Funding kidney disease treatment (2)
In the face of all the data on both the prevalence and cost of kidney disease and its treatment, the fact remains that treatment is not cheap and must be paid for.
I believe the immediate removal of import duty on dialysis machines and consumables will go a long way to stabilise the cost of dialysis treatment, reducing it by as much as 20-25 per cent.
Further, the state must collaborate with local pharmaceutical companies for the manufacturing of acid concentrate, which is an important component of dialysis treatment and will help control costs.
The Bank Hospital in Accra, for instance, manufactures its own acid concentrate.
Education, preventive health care
Last week, I indicated that kidney failure was becoming quite a common global phenomenon, principally as a result of lifestyle issues.
This includes uncontrolled blood pressure, diabetes and consumption of alcohol, as well as all manner of aphrodisiacs.
I believe that we do not do enough public education and/or take sufficient measures to help prevent diseases in the first place.
Given our less than robust health system, we cannot afford the luxury of finding resources to treat preventable diseases and must be very deliberate and persistent about public education.
Through our school system and other forms of public messaging, including the media, we must educate on the risk factors leading to hypertension, diabetes, etc., not just because they can lead to kidney disease, but also that they can lead to stroke and other serious ailments.
Public policy can also be a big tool to help control disease, especially with high taxes on products with harmful health implications, such as sugar, alcohol or cigarettes.
For instance, according to the World Health Organisation (WHO), at least 85 countries were implementing some type of tax on Sugar-Sweetened Beverages (SBB) as of last year.
Such taxes can be a powerful tool to promote health because they impact consumption, and therefore help save lives and prevent disease.
Personally, I do cringe when I see the varieties and amounts of imported ‘energy drinks’ and other high-sugar drinks on the market.
The state, through its agencies, such as, the NHIA, Food and Drugs Authority (FDA), the Ghana Standards Authority (GSA) the Ministry of Health (MoH) and the Ghana Health Service (GHS) all have a role to play in ensuring that the various alcoholic beverages on the market, including all manner of ‘bitters’ touted as aphrodisiacs that many young men in particular flock to, conform to the highest standards.

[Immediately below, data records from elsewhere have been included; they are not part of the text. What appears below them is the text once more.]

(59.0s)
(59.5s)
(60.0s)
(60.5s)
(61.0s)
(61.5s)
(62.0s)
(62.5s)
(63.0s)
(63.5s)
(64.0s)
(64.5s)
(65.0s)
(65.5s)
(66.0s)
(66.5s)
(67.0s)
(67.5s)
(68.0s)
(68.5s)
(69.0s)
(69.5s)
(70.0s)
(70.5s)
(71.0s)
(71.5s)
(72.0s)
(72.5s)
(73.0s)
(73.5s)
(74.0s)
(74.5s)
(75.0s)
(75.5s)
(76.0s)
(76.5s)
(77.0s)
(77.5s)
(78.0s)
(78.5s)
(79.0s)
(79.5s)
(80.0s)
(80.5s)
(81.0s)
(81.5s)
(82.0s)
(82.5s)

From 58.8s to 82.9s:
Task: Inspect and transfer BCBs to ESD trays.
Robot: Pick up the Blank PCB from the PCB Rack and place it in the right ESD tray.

The NHIS cover should also include routine medical check-up for all registered members over 40 years and the general population under 40 years but with pre-existing health condition as standard.
This will help save the NHIA some costs as illnesses will be picked up early and treated, hence, reducing cost associated with patient hospitalisation.

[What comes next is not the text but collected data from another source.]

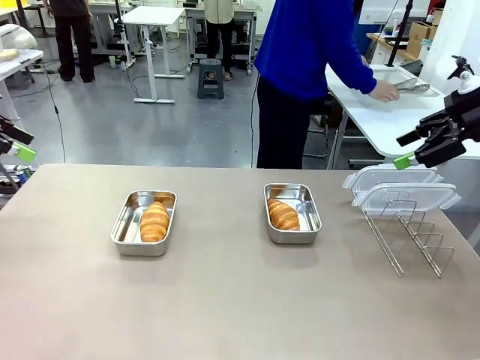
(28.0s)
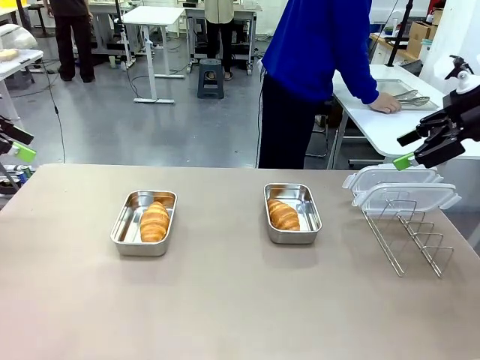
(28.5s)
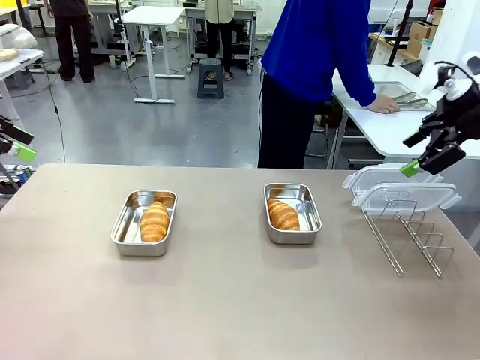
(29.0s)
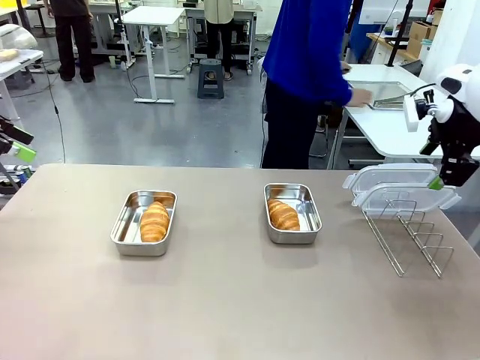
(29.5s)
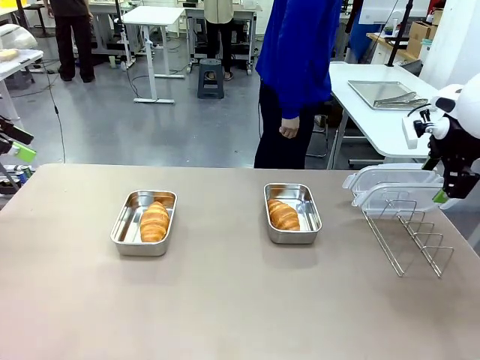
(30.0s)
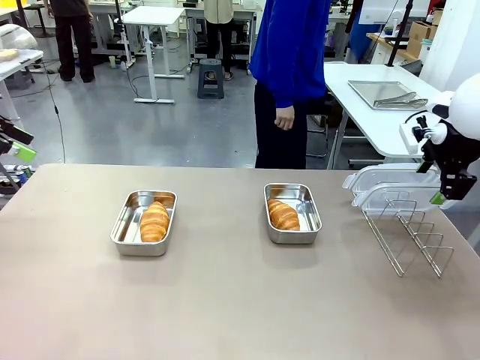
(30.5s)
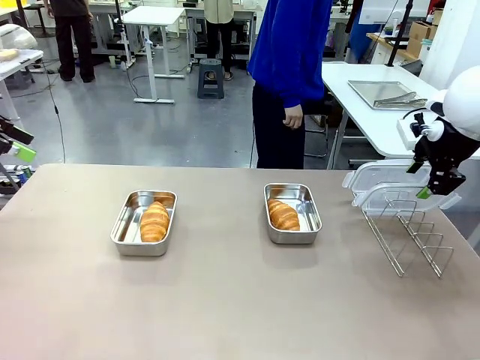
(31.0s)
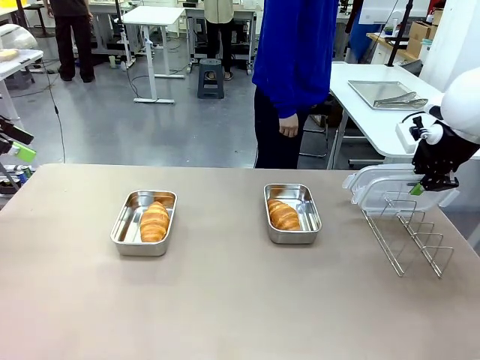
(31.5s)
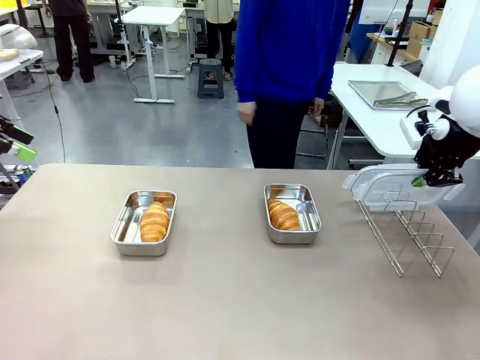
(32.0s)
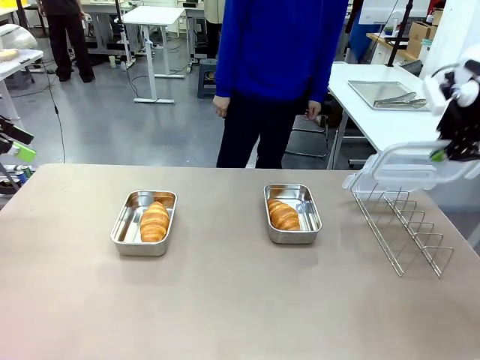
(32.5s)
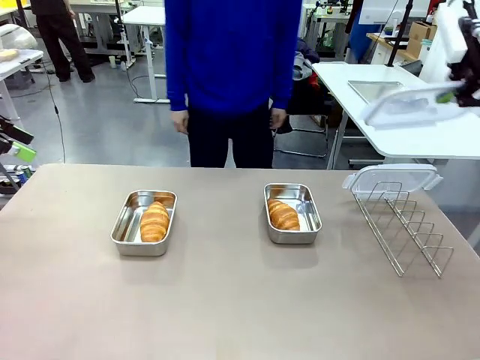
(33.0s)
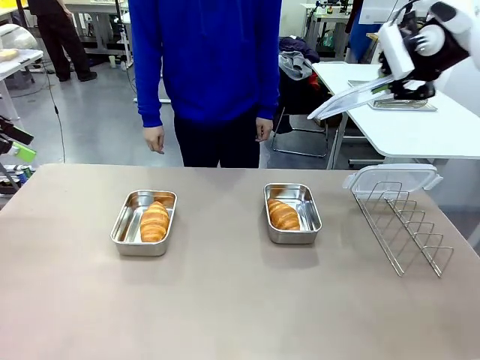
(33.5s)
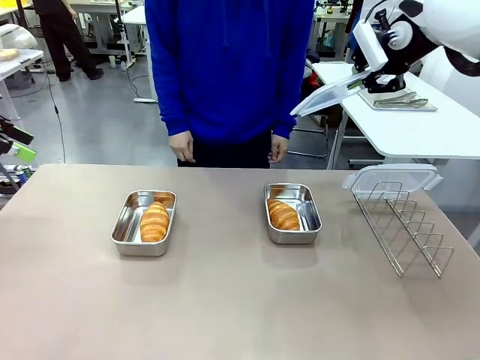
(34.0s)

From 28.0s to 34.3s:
Task: Place the bread in airtight containers.
Robot: Pick up one Airtight Container lid and hand it to the human.
Person: Grip Airtight Container lid that robot is handing.

Organ donor, transplantation policy
Sadly, many citizens die in road and other accidents in this country each year.
Without intending to sound morbid, renal failure patients abound, who could do with a kidney of such victims.
Especially in our part of the world, we view death from a rather morbid prism and would prefer not to discuss anything about it ahead of time.
But as Shakespeare reminds us in his play ‘Julius Caesar’, ‘death, a necessary end, will come when it will come.’
I believe with a well-thought-out government-led organ donation and transplantation policy, drive and public education, attitudes may change to make people comfortable with becoming organ donors and signing up for same while alive.
Equally, we must build and enhance the medical capability in organ donation surgeries within our Ghanaian medical systems, both in terms of equipment and skills.
Finally, we must consider allowing or encouraging citizens on the NHIS who have the means to scale up their premiums to include dialysis treatment or other expensive medical interventions should the need arise.
I would suggest having a standard NHIS cover for what it covers today, Silver to cover Dialysis and some Cancers and Gold membership to cover all other illness with an accordingly adjusted premiums in order to sustain the NHIS.
While this would admittedly be of little comfort to many of our citizens who earn very little or nothing, I strongly believe at least a decent premium will be affordable to a considerable number of people and therefore save them from great worry should that time arrive.
The conversation on the scourge of renal failure and its attendant issues cannot, and must not, be ignored.